Tropicália, penetráveis PN2 «Pureza é um mito», PN3 «Imagético» (Tropicália, Penetrable PN2 “Purity Is a Myth”, PN3 “Imagenetic”)

Hélio Oiticica

Rio de Janeiro, Brazil, 1937 - 1980
  • Date: 
    1967
  • Material: 
    Wood, fabric, plastic, sand, gravel, rose-ringed parakkets, black and white television and tropical plants
  • Technique: 
    Installation
  • Descriptive technique: 
    Installation consisting of two penetrables (PN2 «Pureza é um mito» [PN2 “Purity Is a Myth"], 1966 and PN3 «Imagético» [PN3 "Imagenetic"], 1966-1967), in a tropical setting with plants, birds in cages made of wood and metal and ten poems
  • Dimensions: 
    Variable dimensions
  • Edition/serial number: 
    3/3
  • Category: 
    Installation
  • Entry date: 
    2011
  • Register number: 
    AD06374

In 1967, Hélio Oiticica was a driving force behind the concept of Nova Objetividade Brasileira, in direct opposition to the international supremacy of Optical and Pop Art. That same year, in the exhibition of the same name at the Museu de Arte Moderna do Rio de Janeiro (MAM/RJ), he presented the environmental installation Tropicália, a work that fused together the fundamental ideas of a vital, sensorial concept from the South, centring on the figure of the viewer. Tropicália, Penetráveis PN2 «Pureza é um mito», PN3 «Imagético» (Tropicália, Penetrable PN2, “Purity Is a Myth”, PN3 “Imagenetic”) is a field of experimentation that attempts to create a physical and sensual, rather than visual, closeness to the artwork.
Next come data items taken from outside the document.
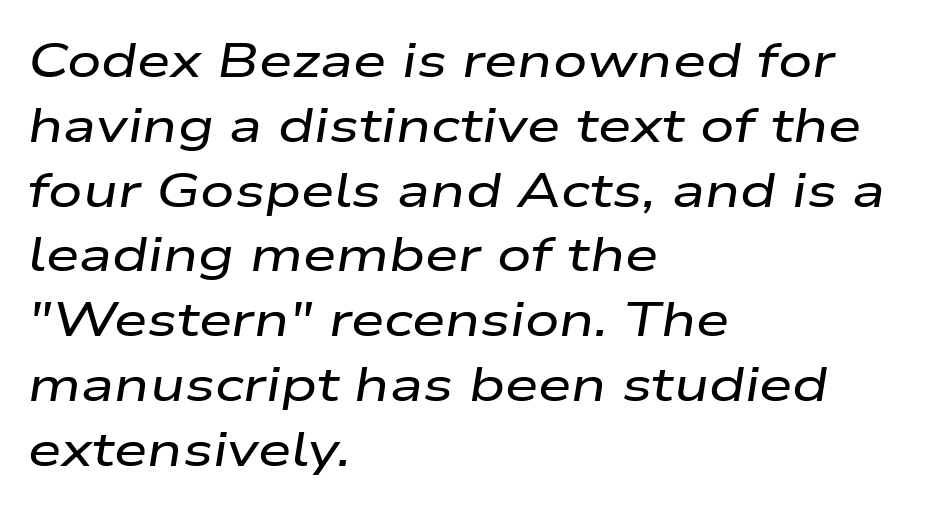
Q: Is the text italic (slanted)? A: Yes, it leans right by about 9 degrees.
Q: Is the text underlined? A: No.
Q: How is the paragraph aligned? A: Left-aligned.
Q: Is the spacing between letters normal or unusually wide? A: Normal.
Q: Is the spacing between lines tight, normal or loose? A: Normal.
Q: Width (condensed, normal, or wide)? A: Wide.
Q: Stroke contrast? A: Low.
Q: x-height? A: Medium.
Q: Monospaced? A: No.
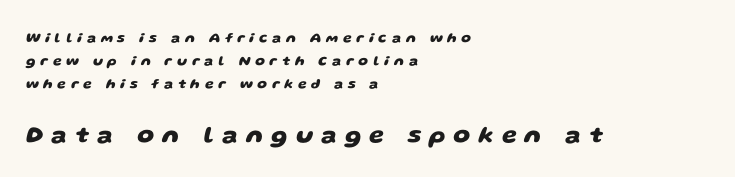
Tracking here is generous; glyphs stand well apart from one another. The foot of each line stays bare and open. These lines are set flush left with a ragged right edge. Weight check: bold — yes, fully. The later block is typeset at a bigger size than the earlier block.
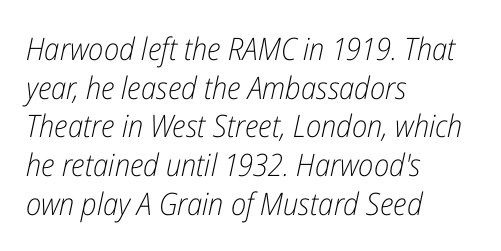
{"italic": "yes", "lean": "right", "slant_degrees": 12, "bold": "no", "weight": "light", "width": "condensed", "stroke_contrast": "low", "x_height": "medium", "monospaced": "no", "underline": "no", "align": "left", "line_spacing": "normal", "line_spacing_ratio": 1.25, "letter_spacing": "normal", "letter_spacing_em": 0.0, "glyph_px": 31}
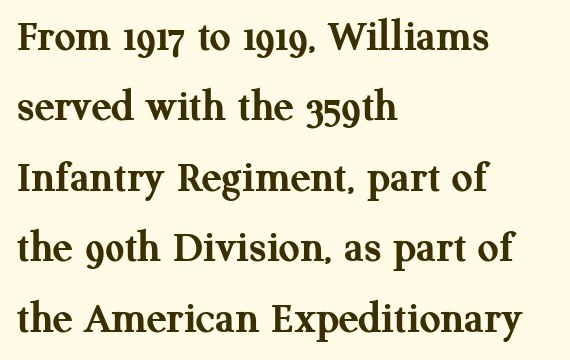
The image shows 46 px semibold serif type, upright; set left-aligned, normal line spacing (1.53x), normal letter spacing, not underlined; medium stroke contrast and a medium x-height.
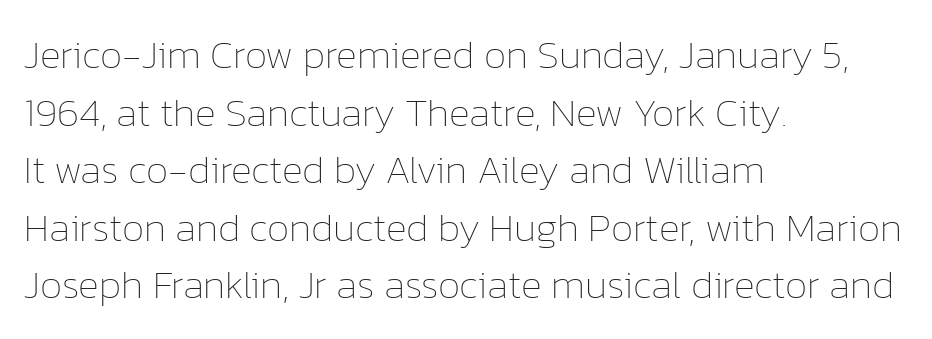
Bare-footed words on every line. You could not count columns in this text — the font is proportionally spaced. The line-height multiplier appears to be the usual default. Spacing between characters is what you'd get straight out of the box. Bold? No — there's no thickening of the strokes. Reading down the block, your eye returns to a fixed left position each line.

It makes references to the Brazilian way of life, the architecture of the favelas and body-perception in the samba communities in which the artist lived. Tropicália should also be seen as a complex, profound and poetic expression of Brazil’s organic dysfunction, created at the peak of the military dictatorship’s repression. The work connects the individual and the collective, putting together a multi-sensorial space built on the concept of appropriation which the artist wished to extend towards (in his own words) “the things in the world that I come across in the street,” and also towards the art institution and the neutrality of the viewer. To quote Oiticica again: “The museum is the world, it is the everyday experience.”